# Demo: How to Modify Models Using GRADIEND

1. Select a model to modify

In [None]:
from transformers import AutoModel, AutoTokenizer, pipeline, logging

# Suppress warnings from Hugging Face transformers library
logging.set_verbosity_error()

In [None]:
import yaml

model = 'bert-base-cased'
distilbert_de = 'distilbert-base-german-cased'
bert_de = 'bert-base-german-cased'

config = yaml.safe_load(open("config.yml"))['M_F_N_leipzig']



2. Train the GRADIEND model

In [None]:
from gradiend.training.gradiend_training import train

# you may override some default behavior of gradiend.training.trainer.train() with the model_config
model_config = {
    'eval_max_size': 0.1, # use all of the validation data
    'epochs': 1,
    'lr': 1e-4,
}

gradiend_model_dir = train(bert_de,config, model_config, multi_task=False, n=1, dim=2)

3. [Optional]: Analyze the Encoder

In [1]:
import yaml
from gradiend.evaluation.analyze_encoder import analyze_models
from gradiend.export.encoder_stats import print_encoder_stats
from gradiend.export.encoder_plot import plot

config = yaml.safe_load(open("config.yml"))['M_F_N_leipzig']
gradiend_model_dir = "results/models/gradiend"



In [2]:
print(config)

{'plot_name': 'MFN_leipzig', 'palette': {'M': 'blue', 'F': 'purple', 'N': 'yellow'}, 'categories': {'M': {'labels': ['AM', '_AM'], 'articles': ['den'], 'codes': [0, 1, 2, 3], 'encoding': -1}, 'F': {'labels': ['AF', '_AF'], 'articles': ['die'], 'codes': [4, 5, 6, 7], 'encoding': 1}, 'N': {'labels': ['AN', '_AN'], 'articles': ['das'], 'codes': [8, 9, 10, 11], 'encoding': 0}}, 'combinations': ['AM_mfn', 'AF_mfn', 'AN_mfn'], 'articles': ['die', 'das', 'den'], 'default_predictions': ['die', 'das', 'den', 'most_likely_token', 'label'], 'token_to_ignore': ['der', 'die', 'das', 'den', 'der', 'Den', 'DEN', 'Der', 'Die', 'Das', 'DER', 'DIE', 'DAS'], 'NM': {'mask': '[NM]', 'inverse': 'die', 'code': 0, 'encoding': -1}, '_NM': {'mask': '[NM]', 'inverse': 'das', 'code': 0, 'encoding': -1}, 'AM': {'mask': '[AM]', 'inverse': 'die', 'code': 2, 'encoding': -1}, '_AM': {'mask': '[AM]', 'inverse': 'das', 'code': 2, 'encoding': -1}, 'NF': {'mask': '[NF]', 'inverse': 'der', 'code': 4, 'encoding': 1}, '_NF':

In [None]:

analyze_models(gradiend_model_dir, config=config, multi_task=False, shared=True)

In [None]:
print_encoder_stats(gradiend_model_dir, config=config)

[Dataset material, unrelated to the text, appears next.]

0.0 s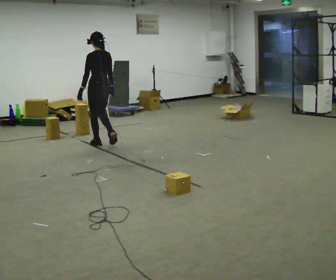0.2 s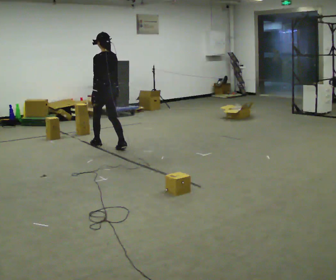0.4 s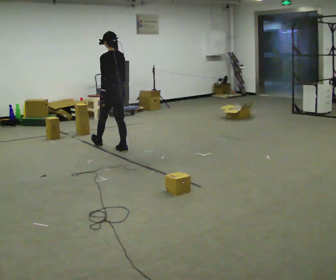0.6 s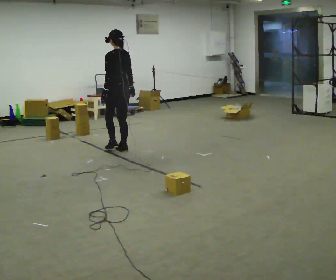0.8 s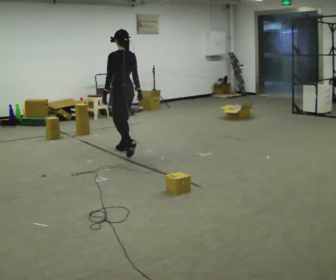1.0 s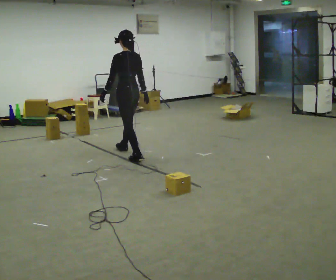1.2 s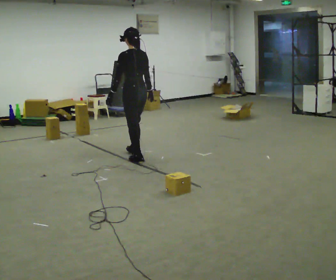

# plot the encoded values distribution across different datasets

In [None]:
plot(config, gradiend_model_dir, multi_grad=True)

In [None]:
gradiend_model_dir = "gradiend/results/experiments/gradiend/multi_task/gradient/latent_2/1e-05/batch_16_nom_only/epoch_3/bert-base-german-cased/0_epoch_3"
config = yaml.safe_load(open("config.yml"))['DAS_PRON']

plot(config, gradiend_model_dir)

4. Analyze the Decoder

In [None]:
from gradiend.evaluation.analyze_decoder import default_evaluation
default_evaluation(gradiend_model_dir)

5. Create modified models based on the base models by selecting parameters based on the analysis and the BPI, FPI, and MPI metrics

In [None]:
from gradiend.evaluation.select_models import select
result = select(gradiend_model_dir, force=False, plot=False)

6. Load the modified models and do something with them

In [None]:
for suffix in ['N', 'F', 'M']:
    model_name = f'results/changed_models/{model}-{suffix}'
    print(f'Loading model {model_name}')
    modified_model = AutoModel.from_pretrained(model_name)
    tokenizer = AutoTokenizer.from_pretrained(model_name)
    
    # do something with the model
    # ...
    
    # Example: Use the pipeline to predict the masked word    
    fill_mask = pipeline("fill-mask", model=model_name, tokenizer=model_name)
    text = 'The man worked as a [MASK].'
    result = fill_mask(text)
    predicted = result[0]['token_str']
    predicted_prob = result[0]['score']
    print(f'Predicted for {suffix}: {predicted} ({predicted_prob})')

7. [Optional]: Evaluate the modified models on a simple masking task to evaluate overfitting

In [None]:
from gradiend.evaluation.analyze_decoder import evaluate_gender_prediction_for_models
from gradiend.export.gender_predictions import plot_all

for targets in [('man', 'woman'), ('woman', 'man')]:
    evaluate_gender_prediction_for_models(model, target_words=targets)
    suffix = '_'.join(targets)
    plot_all(f'results/gender_prediction/{model}.csv', suffix=suffix)

8. [Optional]: Generate some example predictions for the model

In [None]:
from gradiend.export.example_predictions import run_for_model
run_for_model(model)